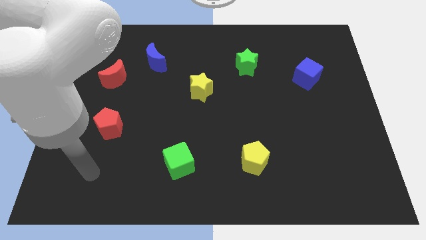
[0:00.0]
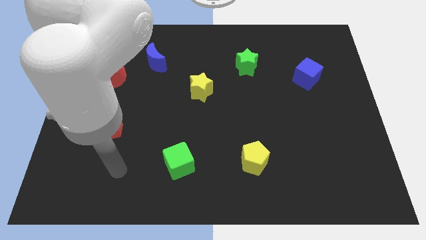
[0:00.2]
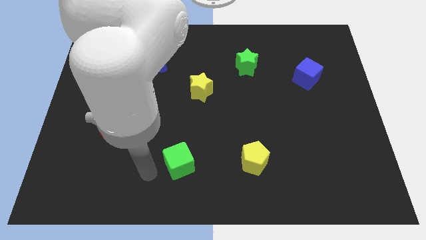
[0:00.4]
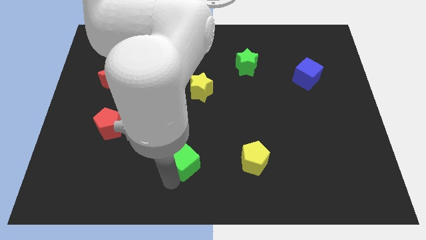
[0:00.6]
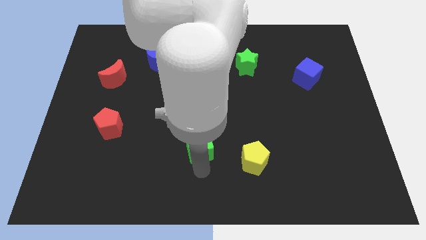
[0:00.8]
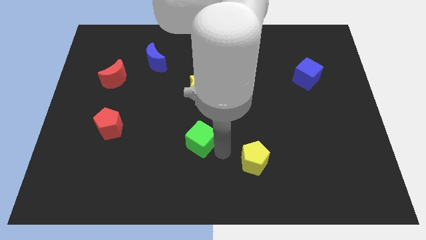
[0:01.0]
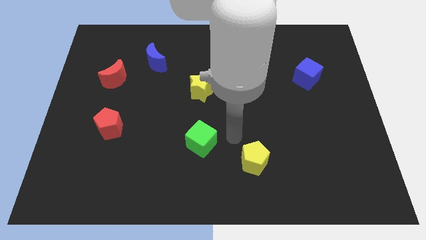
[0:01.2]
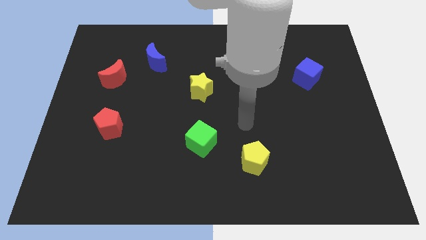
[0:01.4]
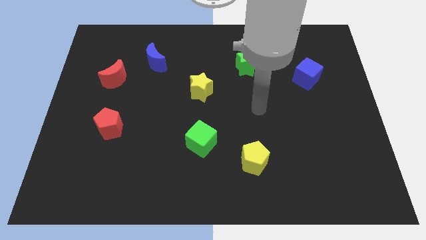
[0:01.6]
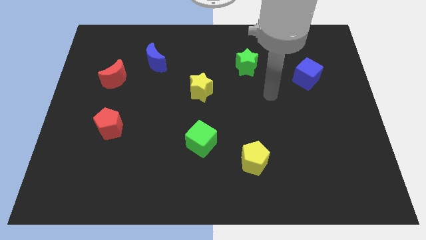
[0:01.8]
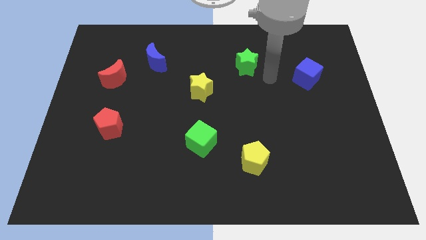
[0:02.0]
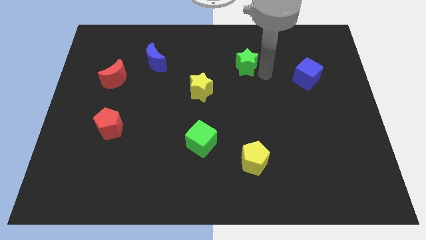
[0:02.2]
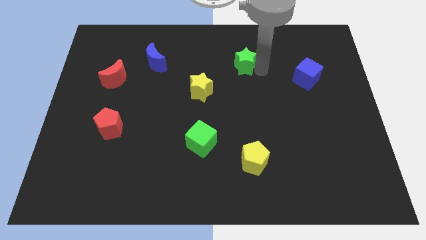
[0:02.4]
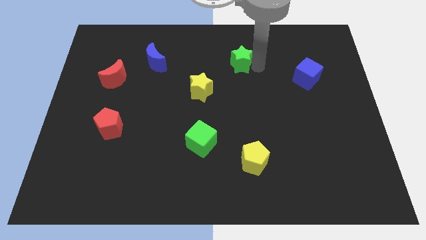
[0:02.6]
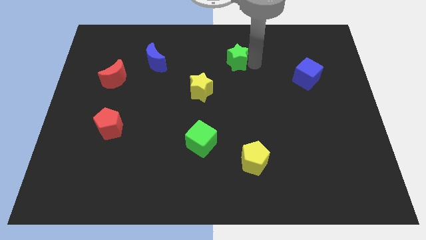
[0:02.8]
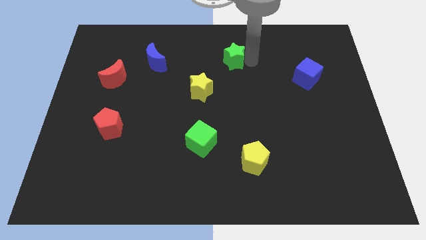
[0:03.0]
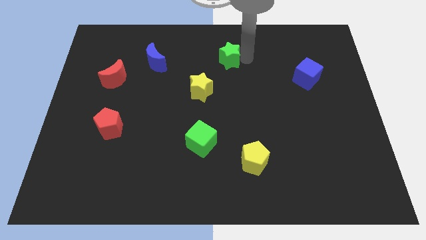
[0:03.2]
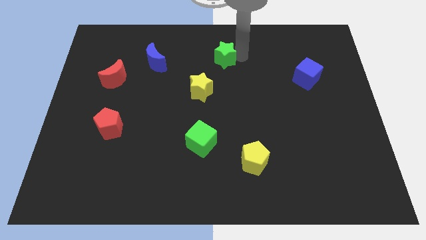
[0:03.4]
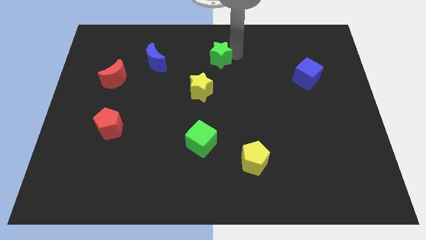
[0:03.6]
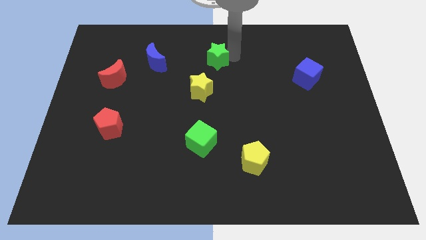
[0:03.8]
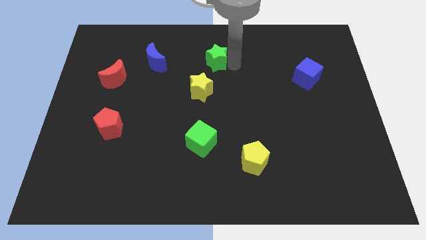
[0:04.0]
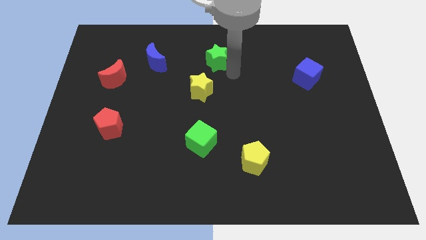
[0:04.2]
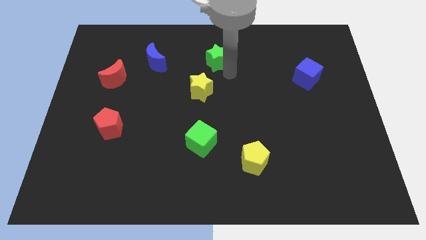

----

EXERCISE AIM
Transcribe all of the records above exactly; no image should appear in what you write.

RESPONSE TO THIS TASK
[0:00.0]
[0:00.2]
[0:00.4]
[0:00.6]
[0:00.8]
[0:01.0]
[0:01.2]
[0:01.4]
[0:01.6]
[0:01.8]
[0:02.0]
[0:02.2]
[0:02.4]
[0:02.6]
[0:02.8]
[0:03.0]
[0:03.2]
[0:03.4]
[0:03.6]
[0:03.8]
[0:04.0]
[0:04.2]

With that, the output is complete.